Optimized systems of multi-layer perceptron predictive model for estimating pile-bearing capacity

Abstract

The primary goal of this research is to leverage the advancements in machine learning techniques to forecast the bearing capacity of piles effectively. Accurately predicting load-bearing capability is an indispensable aspect in the field of substructure engineering. It is worth noting that determining load-bearing capability via in-place burden tests is a resource-intensive and labor-intensive process. This study presents a pragmatic soft computing methodology to tackle the aforementioned challenge, employing a multi-layer perceptron (MLP) for the estimation of load-bearing capacity. The dataset employed in this research encompasses a multitude of field-based pile load tests, with a meticulous selection of the most impactful factors influencing pile-bearing capacity as input variables.
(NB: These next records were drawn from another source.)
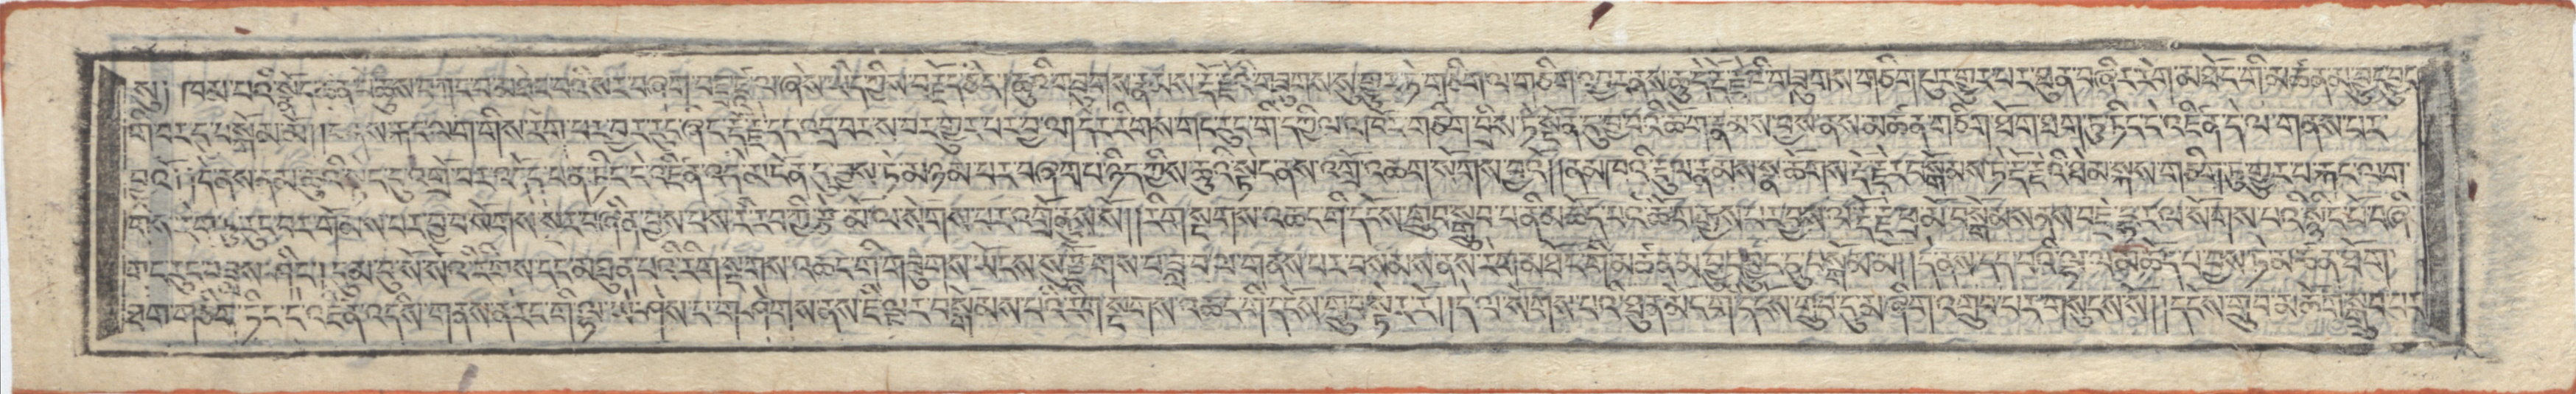སུ༑ ཁམ་པའི་སྣོད་ཆེན་པོ་ཆུས་བཀང་བ་མཐོང་བའི་སར་བཞག་བཛྲ་ཛཱ་ལ་ཞེས་ཡིད་ཀྱིས་བརྗོད་ཅིང་། ཆུའི་གཟུགས་རྣམས་རྡོ་རྗེའི་གཟུགས་སུ་གྱུར་ཏེ་གཅིག་ལ་གཅིག་འབྱར་ནས་ཆུ་དེ་རྡོ་རྗེའི་གཟུགས་གཅིག་པུར་གྱུར་པར་ཐུན་བཞིར་རེག་མཐོང་གི་མཚན་མ་བྱུང་བྱུང་
གི་བར་དུ་བསྒོམ་མོ། །དེ་ནས་རྐང་ལག་གིས་རེག་པར་བྱར་རུང་ཞིང་རྡོ་རྗེ་དང་འདྲ་བར་ས་བར་གྱུར་པར་བྱ་ལ། དེར་རིགས་གང་རུང་གི་དཀྱིལ་འཁོར་གཅིག་བྲིས་ཏེ་སྔོན་དུ་བྱ་བའི་ཆོ་ག་རྣམས་བྱས་ནས་མཚན་གཅིག་ཐོག་ཐག་ཏུ་ཏིང་ངེ་འཛིན་དེ་ལ་གནས་པར་
བྱའོ༑ ༑དེ་ནས་ནམ་ཆུའི་སྟེང་དུ་འགྲོ་བར་འདོད་པ་ན་ཏིང་ངེ་འཛིན་འདི་མངོན་དུ་བྱས་ཏེ་མཉམ་པར་བཞག་པ་ཉིད་ཀྱིས་ཆུའི་སྟེང་ནས་འགྲོ་འཆག་སོགས་བྱའོ། །ནམ་མཁའི་རྡུལ་རྣམས་སྣ་ཚོགས་རྡོ་རྗེར་བསྒོམས་ཏེ་རྡོ་རྗེའི་ཐེམ་སྐས་གཅིག་ཏུ་གྱུར་པ་རྐང་ལག་
གིས་རེག་ཏུ་རུང་བར་གོམས་པར་བྱ་བ་སོགས་སྔར་བཞིན་བྱས་པས་རི་རབ་ཀྱི་རྩེ་མོ་ལ་སོགས་པར་འགྲོ་ནུས་སོ། །རིག་སྔགས་འཆང་གི་དངོས་གྲུབ་སྒྲུབ་པ་ནི་མཆོད་པའི་ཆོ་ག་རྒྱས་པར་བྱས་ལ་རྡོ་རྗེ་ཕྲ་མོ་བསྒོམས་ནས་བཛྲ་དྷ་ར་ལ་སོགས་པའི་སྙིང་པོ་བཞི་
གང་རུང་བཟླས་ཤིང་། དུམ་བུ་སོ་སོའི་རིགས་དང་མཐུན་པའི་རིགས་སྔགས་འཆང་གི་གཟུགས་ཡོངས་སུ་རྫོགས་པ་ཟླ་བ་ལ་གནས་པར་བསམས་ནས་རེག་མཐོང་གི་མཚན་མ་བྱུང་བྱུང་དུ་བསྒོམ་མོ། །དེ་ནས་དད་པའི་ལྷ་ལ་མཆོད་པ་བྱས་ཏེ་མཚན་ཐོག་
ཐག་གཅིག་ཏིང་ངེ་འཛིན་འདིས་གནས་ན་རང་གི་ལྷ་ཡེ་ཤེས་པ་གཤེགས་ནས་ཇི་ལྟར་བསྒོམས་པའི་རིག་སྔགས་འཆང་གི་དངོས་གྲུབ་སྟེར་རོ། །དེ་ལ་སོགས་པའི་ཐུན་མོང་གི་དངོས་གྲུབ་དུ་མ་ཞིག་འགྲུབ་པར་གསུངས་སོ། །དངོས་གྲུབ་མཆོག་སྒྲུབ་པར་

For a comprehensive comparative analysis, genetic algorithm-based optimizers (Crystal Structure Algorithm (CSA) and Fox Optimization (FOX)) were incorporated with MLP, leading to the development of hybrid models referred to as MLFO and MLSC, both structured with three layers. The performance of these models was rigorously evaluated using five key performance indices. The findings indicated a consistent superiority of MLFO over MLSC across all three layers. Remarkably, MLFO exhibited exceptional performance in the second layer (MLFO (2)), boasting an impressive R2 value of 0.992, an RMSE of 33.470, and a minimal SI value of 0.031. On the other hand, MLCS (1) registered the lowest accuracy in predicting the process with the least R2 value related to the validation phase of the model with 0.953. Taken together, these results affirm that the optimized MLP model stands as a valuable and practical tool for accurately estimating pile-bearing capacity in civil engineering applications.